• YOUR ASSIGNMENT:
In the entries below, find the lines with the word "Stammheim" and copy them.
SUPPLIED MATERIAL below:
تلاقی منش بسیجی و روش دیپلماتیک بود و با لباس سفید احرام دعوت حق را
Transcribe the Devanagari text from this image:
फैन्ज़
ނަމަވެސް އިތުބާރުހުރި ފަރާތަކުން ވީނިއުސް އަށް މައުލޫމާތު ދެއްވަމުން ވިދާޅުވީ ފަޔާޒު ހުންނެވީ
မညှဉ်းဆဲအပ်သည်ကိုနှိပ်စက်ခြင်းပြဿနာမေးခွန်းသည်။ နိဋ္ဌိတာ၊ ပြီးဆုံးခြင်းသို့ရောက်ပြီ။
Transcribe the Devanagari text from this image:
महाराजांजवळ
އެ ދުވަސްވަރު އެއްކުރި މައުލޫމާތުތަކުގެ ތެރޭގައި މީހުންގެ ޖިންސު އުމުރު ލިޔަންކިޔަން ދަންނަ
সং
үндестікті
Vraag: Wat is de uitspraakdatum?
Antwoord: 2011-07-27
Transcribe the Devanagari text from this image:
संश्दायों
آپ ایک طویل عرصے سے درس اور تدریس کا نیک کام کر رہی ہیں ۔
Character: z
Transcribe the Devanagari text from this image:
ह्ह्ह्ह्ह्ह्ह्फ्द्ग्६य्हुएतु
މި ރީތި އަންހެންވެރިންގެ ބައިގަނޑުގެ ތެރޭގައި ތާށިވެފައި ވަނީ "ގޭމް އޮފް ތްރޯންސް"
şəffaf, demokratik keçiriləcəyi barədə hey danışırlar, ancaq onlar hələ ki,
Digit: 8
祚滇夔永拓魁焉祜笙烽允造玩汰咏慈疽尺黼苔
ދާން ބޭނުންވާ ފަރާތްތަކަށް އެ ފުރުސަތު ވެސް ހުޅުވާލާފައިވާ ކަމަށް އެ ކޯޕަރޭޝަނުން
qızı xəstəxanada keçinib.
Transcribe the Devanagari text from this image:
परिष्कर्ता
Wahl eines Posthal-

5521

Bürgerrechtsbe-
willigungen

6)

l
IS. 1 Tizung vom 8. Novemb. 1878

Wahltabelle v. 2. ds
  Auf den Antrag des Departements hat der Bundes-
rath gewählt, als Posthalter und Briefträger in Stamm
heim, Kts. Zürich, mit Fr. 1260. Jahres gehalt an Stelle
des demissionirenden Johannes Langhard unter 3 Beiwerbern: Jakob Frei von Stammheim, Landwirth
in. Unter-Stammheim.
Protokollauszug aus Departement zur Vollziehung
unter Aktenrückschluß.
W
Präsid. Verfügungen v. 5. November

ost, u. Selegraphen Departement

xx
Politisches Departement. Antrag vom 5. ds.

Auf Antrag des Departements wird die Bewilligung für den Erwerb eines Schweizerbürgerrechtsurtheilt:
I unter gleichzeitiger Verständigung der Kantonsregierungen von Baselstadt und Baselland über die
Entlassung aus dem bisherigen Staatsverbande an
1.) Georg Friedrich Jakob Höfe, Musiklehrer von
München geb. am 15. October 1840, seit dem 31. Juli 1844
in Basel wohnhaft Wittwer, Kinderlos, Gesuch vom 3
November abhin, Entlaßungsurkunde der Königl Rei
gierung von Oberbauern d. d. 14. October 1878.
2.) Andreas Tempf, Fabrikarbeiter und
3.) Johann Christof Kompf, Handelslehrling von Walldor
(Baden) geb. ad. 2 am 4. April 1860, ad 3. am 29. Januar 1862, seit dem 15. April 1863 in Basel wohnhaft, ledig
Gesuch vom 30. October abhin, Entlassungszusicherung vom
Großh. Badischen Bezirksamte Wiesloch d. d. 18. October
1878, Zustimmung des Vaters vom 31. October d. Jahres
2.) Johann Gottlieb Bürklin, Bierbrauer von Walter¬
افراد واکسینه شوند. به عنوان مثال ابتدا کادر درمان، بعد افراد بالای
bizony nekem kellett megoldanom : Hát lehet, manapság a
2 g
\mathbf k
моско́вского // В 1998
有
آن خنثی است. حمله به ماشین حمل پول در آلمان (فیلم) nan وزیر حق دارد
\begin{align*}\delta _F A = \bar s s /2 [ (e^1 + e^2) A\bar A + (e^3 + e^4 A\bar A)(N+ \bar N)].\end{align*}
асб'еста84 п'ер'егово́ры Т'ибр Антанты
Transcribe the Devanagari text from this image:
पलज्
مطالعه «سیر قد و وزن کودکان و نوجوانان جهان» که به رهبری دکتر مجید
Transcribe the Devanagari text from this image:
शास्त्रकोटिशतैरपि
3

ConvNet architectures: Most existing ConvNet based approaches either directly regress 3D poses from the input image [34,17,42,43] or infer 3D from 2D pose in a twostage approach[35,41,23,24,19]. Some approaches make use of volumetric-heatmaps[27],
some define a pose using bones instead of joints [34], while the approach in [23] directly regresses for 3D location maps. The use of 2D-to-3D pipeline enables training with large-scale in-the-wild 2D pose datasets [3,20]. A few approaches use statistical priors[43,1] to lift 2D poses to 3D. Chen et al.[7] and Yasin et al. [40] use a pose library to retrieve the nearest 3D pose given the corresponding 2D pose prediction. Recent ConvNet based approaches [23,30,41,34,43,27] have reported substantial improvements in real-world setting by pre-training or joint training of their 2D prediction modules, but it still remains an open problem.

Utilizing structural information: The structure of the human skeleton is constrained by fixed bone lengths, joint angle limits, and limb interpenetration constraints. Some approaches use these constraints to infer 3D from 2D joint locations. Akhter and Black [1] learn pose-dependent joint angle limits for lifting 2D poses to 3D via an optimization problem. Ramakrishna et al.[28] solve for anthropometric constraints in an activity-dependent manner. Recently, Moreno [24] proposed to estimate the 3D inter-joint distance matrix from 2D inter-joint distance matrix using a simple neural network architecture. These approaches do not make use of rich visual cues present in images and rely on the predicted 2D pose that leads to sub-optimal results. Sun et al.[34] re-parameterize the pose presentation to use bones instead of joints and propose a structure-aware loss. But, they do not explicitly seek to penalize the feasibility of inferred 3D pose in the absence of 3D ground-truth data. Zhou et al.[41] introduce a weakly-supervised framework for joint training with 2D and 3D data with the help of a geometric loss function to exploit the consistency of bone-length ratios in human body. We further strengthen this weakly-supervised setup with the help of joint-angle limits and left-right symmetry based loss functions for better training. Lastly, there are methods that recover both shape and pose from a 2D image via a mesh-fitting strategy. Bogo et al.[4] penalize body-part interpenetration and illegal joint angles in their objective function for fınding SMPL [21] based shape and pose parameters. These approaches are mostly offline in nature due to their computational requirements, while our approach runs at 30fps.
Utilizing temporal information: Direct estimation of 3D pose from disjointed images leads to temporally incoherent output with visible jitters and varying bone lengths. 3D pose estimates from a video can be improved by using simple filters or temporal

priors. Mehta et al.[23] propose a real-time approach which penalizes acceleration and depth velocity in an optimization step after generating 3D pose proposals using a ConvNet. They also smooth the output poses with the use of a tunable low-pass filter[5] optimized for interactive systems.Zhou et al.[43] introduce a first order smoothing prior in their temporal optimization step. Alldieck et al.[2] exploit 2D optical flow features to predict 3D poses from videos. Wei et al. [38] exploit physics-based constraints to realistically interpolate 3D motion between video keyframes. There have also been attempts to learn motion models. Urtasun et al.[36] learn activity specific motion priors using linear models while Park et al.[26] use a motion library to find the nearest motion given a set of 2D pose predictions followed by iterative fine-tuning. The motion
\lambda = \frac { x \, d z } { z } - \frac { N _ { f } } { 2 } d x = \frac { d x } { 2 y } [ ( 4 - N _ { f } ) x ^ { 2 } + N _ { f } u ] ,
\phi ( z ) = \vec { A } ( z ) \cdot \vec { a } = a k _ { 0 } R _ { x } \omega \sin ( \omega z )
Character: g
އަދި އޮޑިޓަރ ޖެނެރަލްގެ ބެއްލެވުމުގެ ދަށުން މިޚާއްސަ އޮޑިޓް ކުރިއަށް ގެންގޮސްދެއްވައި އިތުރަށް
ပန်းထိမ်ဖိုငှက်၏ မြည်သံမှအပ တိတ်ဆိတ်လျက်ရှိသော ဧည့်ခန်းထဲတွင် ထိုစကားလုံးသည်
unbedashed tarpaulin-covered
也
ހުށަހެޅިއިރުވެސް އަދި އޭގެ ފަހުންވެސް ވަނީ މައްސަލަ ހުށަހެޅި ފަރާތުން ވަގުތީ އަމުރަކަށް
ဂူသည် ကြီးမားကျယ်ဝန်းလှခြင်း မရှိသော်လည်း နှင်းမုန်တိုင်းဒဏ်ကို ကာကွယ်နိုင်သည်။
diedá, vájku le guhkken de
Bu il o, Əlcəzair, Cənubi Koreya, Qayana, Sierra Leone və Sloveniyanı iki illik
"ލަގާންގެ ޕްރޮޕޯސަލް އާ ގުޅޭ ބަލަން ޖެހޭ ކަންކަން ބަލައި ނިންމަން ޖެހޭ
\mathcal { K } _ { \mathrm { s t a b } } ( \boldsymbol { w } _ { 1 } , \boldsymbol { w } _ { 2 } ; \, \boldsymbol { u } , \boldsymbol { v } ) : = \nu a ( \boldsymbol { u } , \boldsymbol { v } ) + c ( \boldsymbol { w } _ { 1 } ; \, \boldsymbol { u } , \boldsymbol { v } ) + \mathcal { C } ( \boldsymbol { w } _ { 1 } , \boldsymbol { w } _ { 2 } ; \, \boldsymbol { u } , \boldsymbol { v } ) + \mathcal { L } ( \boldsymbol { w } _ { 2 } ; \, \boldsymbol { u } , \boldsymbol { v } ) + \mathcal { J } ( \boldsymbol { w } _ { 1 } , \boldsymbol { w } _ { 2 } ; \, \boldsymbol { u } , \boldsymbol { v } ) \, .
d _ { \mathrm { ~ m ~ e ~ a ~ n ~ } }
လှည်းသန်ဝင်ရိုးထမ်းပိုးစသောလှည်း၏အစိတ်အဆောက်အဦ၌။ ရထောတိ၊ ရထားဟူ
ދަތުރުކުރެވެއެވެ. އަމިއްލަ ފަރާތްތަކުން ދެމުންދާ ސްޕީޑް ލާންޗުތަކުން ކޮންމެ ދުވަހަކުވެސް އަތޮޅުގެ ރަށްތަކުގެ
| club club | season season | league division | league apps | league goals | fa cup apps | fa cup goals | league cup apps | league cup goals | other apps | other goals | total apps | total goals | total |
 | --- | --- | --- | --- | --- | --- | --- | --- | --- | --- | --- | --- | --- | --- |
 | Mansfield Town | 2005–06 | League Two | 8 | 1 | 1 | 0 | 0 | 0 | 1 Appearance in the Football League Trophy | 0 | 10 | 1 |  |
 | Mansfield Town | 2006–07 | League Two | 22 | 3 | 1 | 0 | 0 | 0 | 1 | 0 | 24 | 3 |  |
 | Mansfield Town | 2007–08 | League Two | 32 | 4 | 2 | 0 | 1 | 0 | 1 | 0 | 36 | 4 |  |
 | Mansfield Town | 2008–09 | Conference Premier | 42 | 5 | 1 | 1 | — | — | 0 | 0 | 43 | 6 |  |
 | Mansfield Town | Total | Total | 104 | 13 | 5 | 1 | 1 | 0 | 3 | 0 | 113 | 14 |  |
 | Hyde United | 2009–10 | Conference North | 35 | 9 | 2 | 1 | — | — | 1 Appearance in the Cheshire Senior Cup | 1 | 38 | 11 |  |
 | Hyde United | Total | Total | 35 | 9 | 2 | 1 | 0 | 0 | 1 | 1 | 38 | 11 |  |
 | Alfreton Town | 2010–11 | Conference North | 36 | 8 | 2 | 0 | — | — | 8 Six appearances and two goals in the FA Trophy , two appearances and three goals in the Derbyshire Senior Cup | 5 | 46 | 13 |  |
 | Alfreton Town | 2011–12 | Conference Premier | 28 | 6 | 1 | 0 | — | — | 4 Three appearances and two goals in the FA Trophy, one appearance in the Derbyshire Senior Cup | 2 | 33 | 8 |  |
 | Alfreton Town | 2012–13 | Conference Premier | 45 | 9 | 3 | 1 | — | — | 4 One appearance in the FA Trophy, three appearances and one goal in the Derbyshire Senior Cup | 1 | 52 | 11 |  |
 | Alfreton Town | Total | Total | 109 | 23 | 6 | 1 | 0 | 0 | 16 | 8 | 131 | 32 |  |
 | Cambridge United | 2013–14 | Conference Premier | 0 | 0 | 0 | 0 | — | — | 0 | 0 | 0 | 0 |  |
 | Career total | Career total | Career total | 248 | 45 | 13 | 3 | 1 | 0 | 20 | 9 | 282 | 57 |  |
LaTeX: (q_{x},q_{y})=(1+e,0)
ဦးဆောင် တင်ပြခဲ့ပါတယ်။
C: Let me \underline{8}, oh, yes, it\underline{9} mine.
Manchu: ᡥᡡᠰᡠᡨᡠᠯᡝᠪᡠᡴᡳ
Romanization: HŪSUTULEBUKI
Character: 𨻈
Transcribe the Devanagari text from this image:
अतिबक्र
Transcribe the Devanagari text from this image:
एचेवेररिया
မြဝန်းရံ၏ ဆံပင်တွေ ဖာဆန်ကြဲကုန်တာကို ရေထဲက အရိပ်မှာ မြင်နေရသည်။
End of SUPPLIED MATERIAL.
• RESULT OF THIS EXERCISE:
des demissionirenden Johannes Langhard unter 3 Beiwerbern: Jakob Frei von Stammheim, Landwirth
in. Unter-Stammheim.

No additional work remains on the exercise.